■ EXERCISE ■
From the line containing "verməli olacaq: ya" through the last line of the material, copy every line exactly, both ends inclusive; do not copy pictures.

■ MATERIALS PROVIDED ■
- Opening Delimiter -

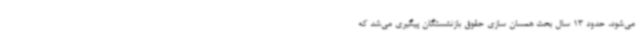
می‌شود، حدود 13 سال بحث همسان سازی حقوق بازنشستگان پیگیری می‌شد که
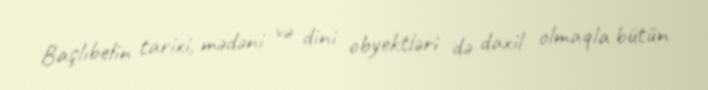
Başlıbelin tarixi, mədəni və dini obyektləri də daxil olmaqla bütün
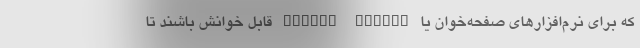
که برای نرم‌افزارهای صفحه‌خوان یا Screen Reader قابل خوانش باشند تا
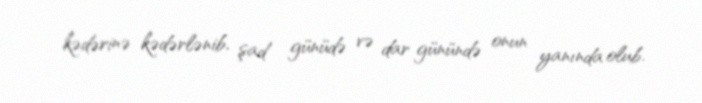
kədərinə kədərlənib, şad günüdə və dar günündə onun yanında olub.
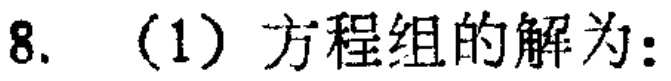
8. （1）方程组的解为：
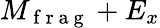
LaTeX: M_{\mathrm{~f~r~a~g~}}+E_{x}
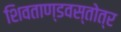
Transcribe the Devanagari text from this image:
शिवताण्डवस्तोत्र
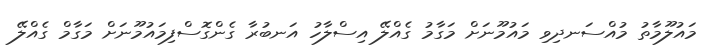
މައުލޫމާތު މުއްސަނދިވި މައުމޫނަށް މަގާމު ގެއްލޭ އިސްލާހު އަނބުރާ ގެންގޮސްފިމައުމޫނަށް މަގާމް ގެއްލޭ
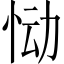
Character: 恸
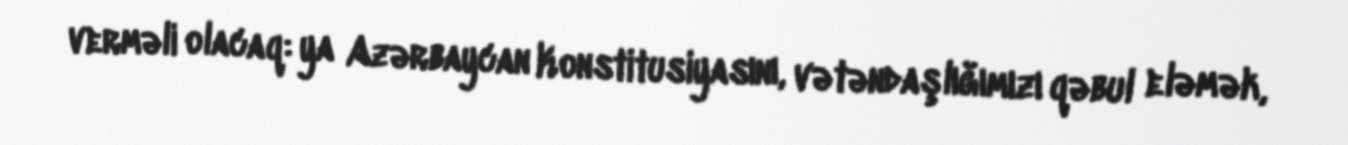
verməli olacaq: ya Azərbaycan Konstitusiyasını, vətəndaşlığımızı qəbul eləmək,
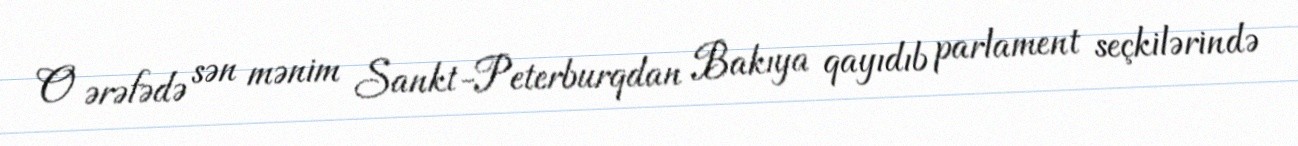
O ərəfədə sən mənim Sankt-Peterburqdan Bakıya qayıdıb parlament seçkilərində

- Closing Delimiter -

■ RESPONSE TO THIS EXERCISE ■
verməli olacaq: ya Azərbaycan Konstitusiyasını, vətəndaşlığımızı qəbul eləmək,
O ərəfədə sən mənim Sankt-Peterburqdan Bakıya qayıdıb parlament seçkilərində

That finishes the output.